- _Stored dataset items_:
══════════
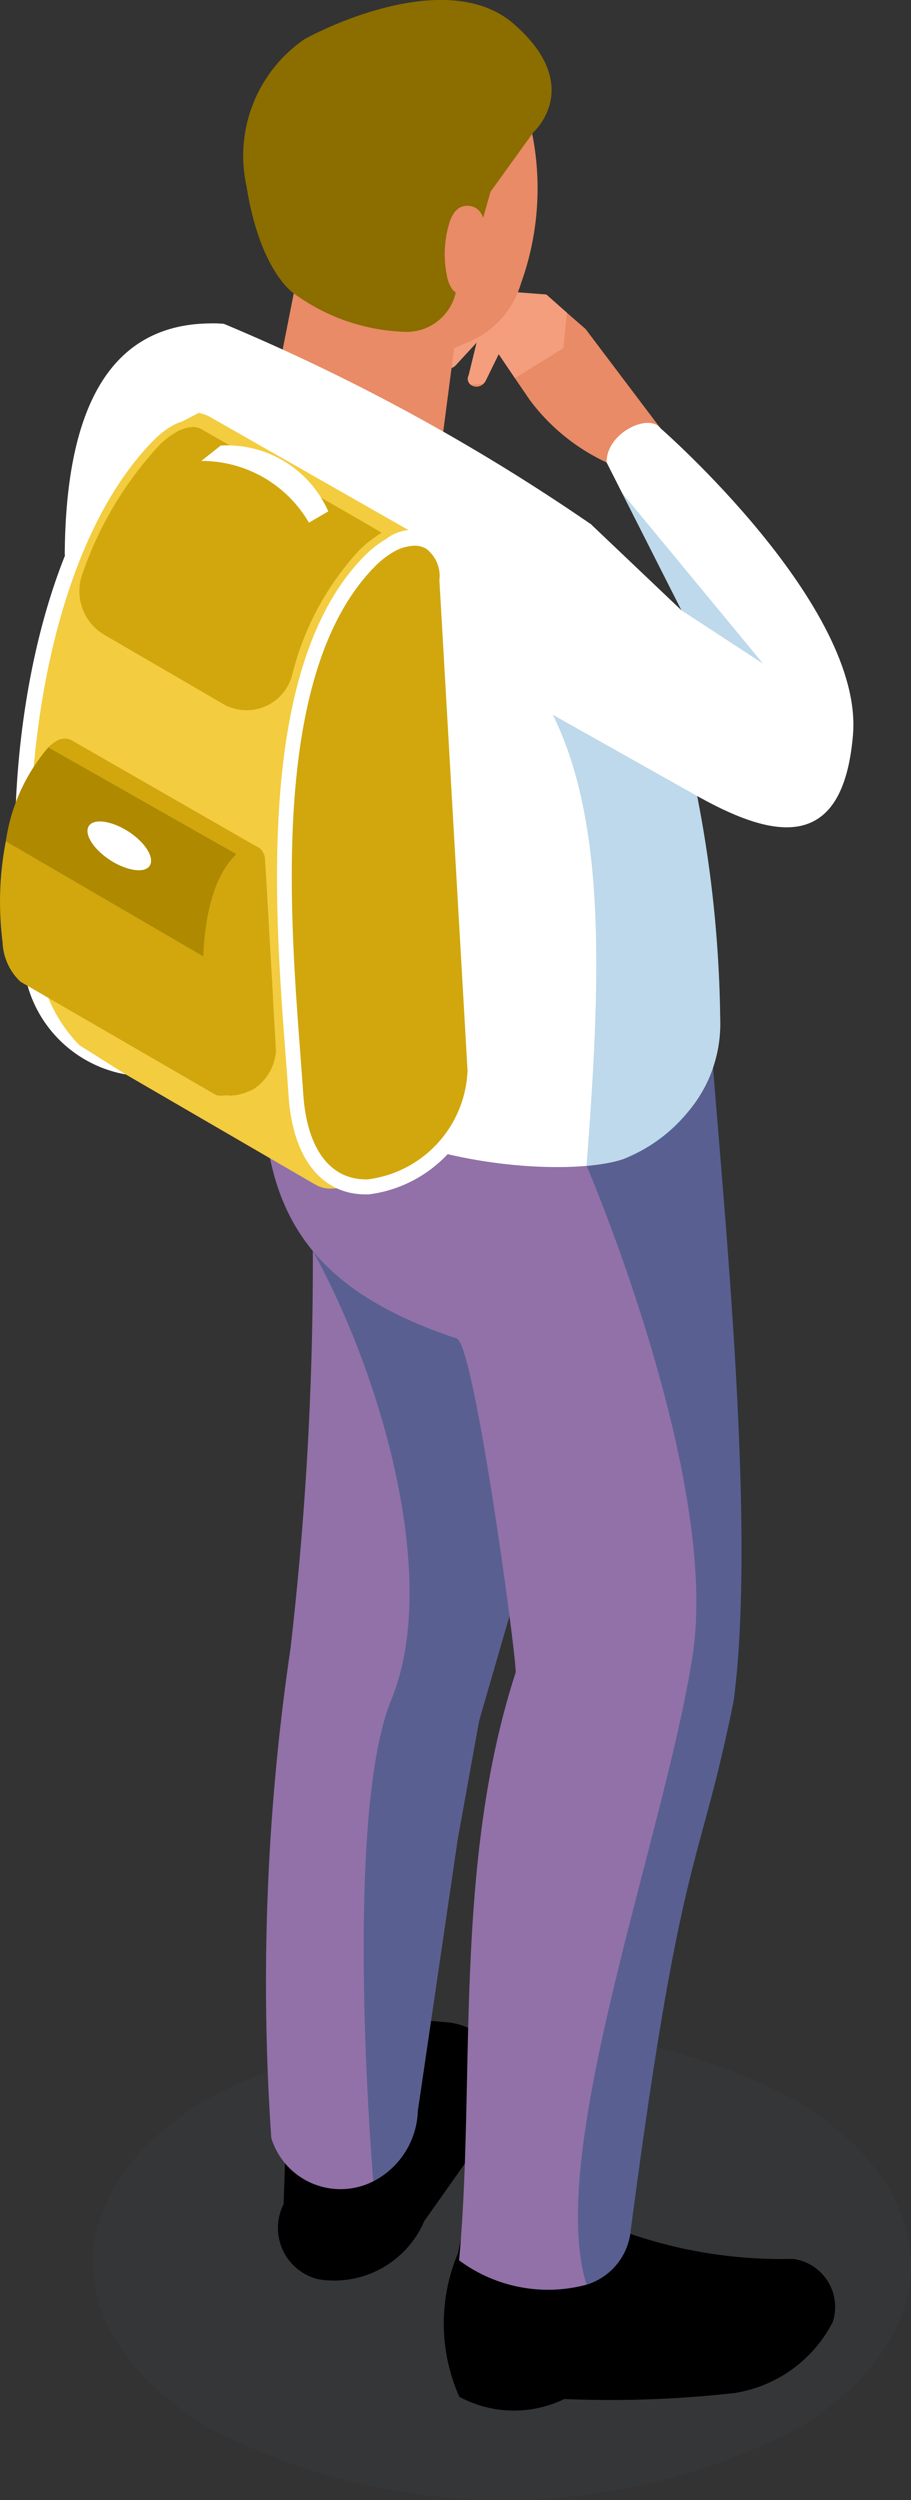 <svg xmlns="http://www.w3.org/2000/svg" width="17.714" height="48.602" viewBox="0 0 17.714 48.602">
  <rect x="0" y="0" width="17.714" height="48.602" fill="#333333" stroke="none"/>
  <g id="グループ_213602" data-name="グループ 213602" transform="translate(-883.074 -310.389)">
    <path id="パス_1484145" data-name="パス 1484145" d="M237.689,401.858a12.429,12.429,0,0,1-11.246-.02c-3.115-1.8-3.131-4.706-.035-6.493a12.429,12.429,0,0,1,11.246.02C240.769,397.164,240.785,400.071,237.689,401.858Z" transform="translate(660.786 -44.202)" fill="#4d5467" opacity="0.1" style="mix-blend-mode: multiply;isolation: isolate"/>
    <g id="グループ_213119" data-name="グループ 213119" transform="translate(884.333 310.389)">
      <path id="パス_1477020" data-name="パス 1477020" d="M886.978,334.349l.225,2.877a2.243,2.243,0,0,0,.836,1.619,4.236,4.236,0,0,0,2.443.546,4.132,4.132,0,0,1,.546.044l.221-3.277-1.29-6.278C887.725,329.807,887,331.749,886.978,334.349Z" transform="translate(-886.978 -323.591)" fill="#fff"/>
      <path id="パス_1477021" data-name="パス 1477021" d="M890.267,348a4.236,4.236,0,0,0,2.443.546v-1.853l-2.339-3.3Z" transform="translate(-889.206 -332.746)" fill="#ba7200"/>
      <path id="パス_1477022" data-name="パス 1477022" d="M909.951,329.372l.4-.435-.155.636a.144.144,0,0,0,.037.182.186.186,0,0,0,.247-.014.215.215,0,0,0,.05-.067l.25-.511.315.467.291.426a3.912,3.912,0,0,0,1.492,1.212l.54.728.54.11-.031-1.5-1.458-1.932-.362-.315-.4-.354-.849-.065-.705.5-.461.715C909.572,329.392,909.805,329.535,909.951,329.372Z" transform="translate(-902.342 -322.278)" fill="#e88b66"/>
      <path id="パス_1477023" data-name="パス 1477023" d="M909.951,329.372l.4-.435-.155.636a.144.144,0,0,0,.037.182l.247-.014a.215.215,0,0,0,.05-.067l.25-.511.315.467.943-.584.068-.69-.4-.354-.849-.065-.705.5-.461.715C909.572,329.392,909.805,329.535,909.951,329.372Z" transform="translate(-902.342 -322.278)" fill="#ffb294" opacity="0.5" style="mix-blend-mode: multiply;isolation: isolate"/>
      <path id="パス_1477024" data-name="パス 1477024" d="M903.1,431.827a1.241,1.241,0,0,1,.925,1.974l-1.336,1.892a1.906,1.906,0,0,1-2.056,1.133,1.026,1.026,0,0,1-.679-1.462l.044-1.312.8-2.43Z" transform="translate(-895.698 -392.516)"/>
      <path id="パス_1477025" data-name="パス 1477025" d="M899.332,383.837a44.428,44.428,0,0,0-.373,9.512,1.408,1.408,0,0,0,1.983.842,1.6,1.6,0,0,0,.866-1.368l.777-5.291s.416-2.3.416-2.3l1.509-5.206.272-1.133.055-.233-.358-2.194c0-.012-.71-4.38-.71-4.38l-4.7-.594c-.768,1.359-.064,2.828.655,4.508.015.034.027.067.043.1A65.647,65.647,0,0,1,899.332,383.837Z" transform="translate(-894.943 -351.786)" fill="#9171a8"/>
      <path id="パス_1477026" data-name="パス 1477026" d="M901.77,384.715c.015.034.027.067.043.1,1.316,2.378,2.491,6.366,1.527,8.72-.881,2.152-.435,8.333-.352,9.365a1.6,1.6,0,0,0,.866-1.368l.777-5.291s.416-2.3.416-2.3l1.509-5.206.272-1.133-.3-2.427C906.526,385.168,901.451,383.693,901.77,384.715Z" transform="translate(-896.989 -360.496)" fill="#23517b" opacity="0.5" style="mix-blend-mode: multiply;isolation: isolate"/>
      <g id="グループ_213118" data-name="グループ 213118" transform="translate(3.858 19.047)">
        <path id="パス_1477027" data-name="パス 1477027" d="M910.1,441.05a3.513,3.513,0,0,0,.024,2.794,2.238,2.238,0,0,0,2.041.044,21.508,21.508,0,0,0,3.307-.116,2.6,2.6,0,0,0,1.914-1.382.943.943,0,0,0-.775-1.226,9.085,9.085,0,0,1-3.162-.487l-1.131-2.067-2.054,1.619Z" transform="translate(-906.31 -416.298)"/>
        <path id="パス_1477028" data-name="パス 1477028" d="M902.708,376.413c.346.168,1.157,6.185,1.141,6.491-1.221,3.758-.777,7.918-1.1,11.428a2.9,2.9,0,0,0,2.473.475,1.222,1.222,0,0,0,.854-.989c.995-7.593,1.328-6.975,2.011-10.366.447-3.379-.208-9.7-.438-12.781-.009-.141-.018-.275-.027-.4l-5.521-.649a.212.212,0,0,1,0,.076.288.288,0,0,1-.012.043c-.881-.328-2.99-.545-3.067.217C898.669,373.413,899.353,375.3,902.708,376.413Z" transform="translate(-898.939 -369.438)" fill="#9171a8"/>
        <path id="パス_1477029" data-name="パス 1477029" d="M919.968,385.16c-.536,3.483-2.868,9.668-2.063,12.236a1.222,1.222,0,0,0,.854-.989c.995-7.593,1.328-6.974,2.011-10.366.447-3.379-.208-9.7-.438-12.781l-2.678,1.188.251,1.194S920.5,381.677,919.968,385.16Z" transform="translate(-911.617 -372.028)" fill="#23517b" opacity="0.5" style="mix-blend-mode: multiply;isolation: isolate"/>
      </g>
      <path id="パス_1477030" data-name="パス 1477030" d="M902.891,327.9l.5-3.825-2.95-1.457-.672,3.4Z" transform="translate(-895.641 -318.671)" fill="#e88b66"/>
      <path id="パス_1477031" data-name="パス 1477031" d="M892.253,339.671a21.421,21.421,0,0,1,.641,3.3c.206,3.139,5.647,3.643,6.974,3.139a3.073,3.073,0,0,0,1.3-1,2.641,2.641,0,0,0,.551-1.7,23.873,23.873,0,0,0-1.144-7.039,7.805,7.805,0,0,0-1.373-2.591,39.42,39.42,0,0,0-7.135-3.894c-1.926-.157-2.649,2.5-1.776,5.16A41.483,41.483,0,0,1,892.253,339.671Z" transform="translate(-888.974 -323.591)" fill="#fff"/>
      <path id="パス_1477032" data-name="パス 1477032" d="M901.687,317.988l.7-.3a1.776,1.776,0,0,0,1-1.132,5.446,5.446,0,0,0,.07-3.482c-.757-1.668-1.787-2.04-3.426-1.447s-2.255,1.83-1.752,3.644.963,1.563.963,1.563Z" transform="translate(-894.515 -311.049)" fill="#e88b66"/>
      <path id="パス_1477033" data-name="パス 1477033" d="M903.42,312.958l-.836,1.16-.271.962-.277.4-.125.587a.978.978,0,0,1-.994.773,3.87,3.87,0,0,1-2.162-.751s-.655-.426-.915-2.083a2.749,2.749,0,0,1,1.129-2.856c.444-.246,2.8-1.388,4.064-.3C904.428,312.062,903.42,312.958,903.42,312.958Z" transform="translate(-894.306 -310.389)" fill="#8b6d00"/>
      <path id="パス_1477034" data-name="パス 1477034" d="M910.292,322.8a.308.308,0,0,0-.22.127.7.7,0,0,0-.108.237,2.067,2.067,0,0,0-.038,1,.647.647,0,0,0,.093.243.275.275,0,0,0,.218.125.279.279,0,0,0,.212-.122.717.717,0,0,0,.1-.231C910.628,323.9,910.9,322.772,910.292,322.8Z" transform="translate(-902.494 -318.799)" fill="#e88b66"/>
      <path id="パス_1477035" data-name="パス 1477035" d="M914.653,350.214c1.606,2.078,1.553,5.355,1.219,9.673a2.613,2.613,0,0,0,2.033-1.13,2.678,2.678,0,0,0,.565-1.736A23.848,23.848,0,0,0,917.326,350Z" transform="translate(-905.726 -337.226)" fill="#227fbc" opacity="0.3" style="mix-blend-mode: multiply;isolation: isolate"/>
      <path id="パス_1477036" data-name="パス 1477036" d="M913.842,337.841l1.765,1.678-1.455-2.874c-.012-.573.819-.97,1.049-.664,0,0,3.959,3.451,3.74,5.967-.2,2.345-1.6,2-3.118,1.13l-3.181-1.789C910.847,340.081,911.233,336.434,913.842,337.841Z" transform="translate(-903.615 -327.654)" fill="#fff"/>
      <path id="パス_1477037" data-name="パス 1477037" d="M921.727,342.375l1.589,1.039-2.745-3.324Z" transform="translate(-909.735 -330.51)" fill="#227fbc" opacity="0.3" style="mix-blend-mode: multiply;isolation: isolate"/>
    </g>
    <g id="グループ_213127" data-name="グループ 213127" transform="translate(883.074 318.254)">
      <g id="グループ_213120" data-name="グループ 213120" transform="translate(0.442 0.145)">
        <path id="パス_1477038" data-name="パス 1477038" d="M892.692,338.481a.79.79,0,0,0-.336-.731l-4.3-2.45a.786.786,0,0,0-.792.071,1.857,1.857,0,0,0-.393.312c-2.249,2.3-2.7,7.187-2.3,9.851a2.894,2.894,0,0,0,.905,2l4.658,2.707c-.012-.007-.022-.015-.033-.023a.562.562,0,0,0,.337.1,5.421,5.421,0,0,0,1.4-.227,1.252,1.252,0,0,0,.273-.119,2.483,2.483,0,0,0,1.121-1.947Z" transform="translate(-884.445 -335.222)" fill="#f3cc3f"/>
      </g>
      <g id="グループ_213122" data-name="グループ 213122" transform="translate(5.383 2.452)">
        <g id="グループ_213121" data-name="グループ 213121">
          <path id="パス_1477039" data-name="パス 1477039" d="M902.247,342.974c.592-.342,1.121-.08,1.123.657l.547,9.543c.006,2.048-3.277,3.637-3.486.465-.179-2.688-.826-8.055,1.423-10.353A1.83,1.83,0,0,1,902.247,342.974Z" transform="translate(-900.063 -342.68)" fill="#d1a70d"/>
          <path id="パス_1477040" data-name="パス 1477040" d="M901.488,355.277c-.864,0-1.425-.718-1.5-1.933-.016-.243-.036-.507-.058-.789-.213-2.82-.57-7.539,1.522-9.676a1.992,1.992,0,0,1,.424-.336.832.832,0,0,1,1.342.784l.547,9.535a2.534,2.534,0,0,1-2.217,2.415Zm.948-12.61a.856.856,0,0,0-.419.128,1.7,1.7,0,0,0-.361.288c-2,2.043-1.649,6.679-1.439,9.45.021.283.041.548.058.792.071,1.08.534,1.682,1.258,1.66a2.22,2.22,0,0,0,1.936-2.115l-.547-9.535a.666.666,0,0,0-.26-.612A.449.449,0,0,0,902.436,342.666Z" transform="translate(-899.761 -342.375)" fill="#fff"/>
        </g>
      </g>
      <g id="グループ_213123" data-name="グループ 213123" transform="translate(0.294 0)">
        <path id="パス_1477041" data-name="パス 1477041" d="M887.6,334.788c-.023.089-.034.142-.034.142l-.331.171a1.026,1.026,0,0,0-.21.093c-.036.02-.073.045-.109.07a1.831,1.831,0,0,0-.251.217c-2.2,2.25-2.65,7.134-2.258,9.727l.017.12a2.829,2.829,0,0,0,.813,1.9l.9.567a2.419,2.419,0,0,1-2-2.426l-.017-.117c-.413-2.729.039-7.627,2.338-9.975a2.014,2.014,0,0,1,.423-.337A1.055,1.055,0,0,1,887.6,334.788Z" transform="translate(-883.985 -334.773)" fill="#fff"/>
      </g>
      <g id="グループ_213126" data-name="グループ 213126" transform="translate(0 6.492)">
        <g id="グループ_213125" data-name="グループ 213125">
          <path id="パス_1477042" data-name="パス 1477042" d="M890.2,357.3a.3.3,0,0,0-.129-.281l-3.638-2.089a.3.3,0,0,0-.3.027.711.711,0,0,0-.144.114l4.225,2.4Z" transform="translate(-885.048 -354.9)" fill="#d1a70d"/>
          <path id="パス_1477043" data-name="パス 1477043" d="M884.252,355.429a3.583,3.583,0,0,0-.827,1.83l5.193,3.025-.141-2.456Z" transform="translate(-883.312 -355.258)" fill="#af8900"/>
          <path id="パス_1477044" data-name="パス 1477044" d="M883.187,361.1a6.212,6.212,0,0,0-.063,1.96,1.113,1.113,0,0,0,.348.77l3.777,2.187a.207.207,0,0,0,.117.028,2.088,2.088,0,0,0,.538-.087.474.474,0,0,0,.1-.046.954.954,0,0,0,.431-.748l-.06-1.039Z" transform="translate(-883.074 -359.102)" fill="#d1a70d"/>
          <g id="グループ_213124" data-name="グループ 213124" transform="translate(3.94 2.089)">
            <path id="パス_1477045" data-name="パス 1477045" d="M896.073,361.435c.227-.132.43-.031.431.253l.21,3.666a.953.953,0,0,1-.431.748.472.472,0,0,1-.1.046.907.907,0,0,1-.361.083c-.226,0-.432-.527-.443-.7-.069-1.033-.317-3.095.547-3.978A.71.71,0,0,1,896.073,361.435Z" transform="translate(-895.289 -361.378)" fill="#d1a70d"/>
          </g>
        </g>
        <path id="パス_1477046" data-name="パス 1477046" d="M889.58,360.694c-.032.192-.334.2-.674.023s-.59-.48-.557-.672.335-.2.675-.023S889.612,360.5,889.58,360.694Z" transform="translate(-886.645 -358.283)" fill="#fff"/>
      </g>
      <path id="パス_1477047" data-name="パス 1477047" d="M893.735,338.184c.016-.008-3.511-2.019-3.511-2.019a.3.3,0,0,0-.153-.038.718.718,0,0,0-.346.109,1.558,1.558,0,0,0-.33.263,7.045,7.045,0,0,0-1.477,2.483.984.984,0,0,0,.433,1.188l2.3,1.338a.915.915,0,0,0,1.341-.547,5.528,5.528,0,0,1,1.287-2.417A2.151,2.151,0,0,1,893.735,338.184Z" transform="translate(-886.315 -335.69)" fill="#d1a70d"/>
      <path id="パス_1477048" data-name="パス 1477048" d="M897.3,338.722a2.409,2.409,0,0,0-2.093-1.2l.379-.3a2.153,2.153,0,0,1,2.09,1.28Z" transform="translate(-891.293 -336.426)" fill="#fff"/>
    </g>
  </g>
</svg>
══════════
- _Task prompt_: Lines that contain "グループ" are to be copied from the records above.

- _Output of the exercise_:
  <g id="グループ_213602" data-name="グループ 213602" transform="translate(-883.074 -310.389)">
    <g id="グループ_213119" data-name="グループ 213119" transform="translate(884.333 310.389)">
      <g id="グループ_213118" data-name="グループ 213118" transform="translate(3.858 19.047)">
    <g id="グループ_213127" data-name="グループ 213127" transform="translate(883.074 318.254)">
      <g id="グループ_213120" data-name="グループ 213120" transform="translate(0.442 0.145)">
      <g id="グループ_213122" data-name="グループ 213122" transform="translate(5.383 2.452)">
        <g id="グループ_213121" data-name="グループ 213121">
      <g id="グループ_213123" data-name="グループ 213123" transform="translate(0.294 0)">
      <g id="グループ_213126" data-name="グループ 213126" transform="translate(0 6.492)">
        <g id="グループ_213125" data-name="グループ 213125">
          <g id="グループ_213124" data-name="グループ 213124" transform="translate(3.94 2.089)">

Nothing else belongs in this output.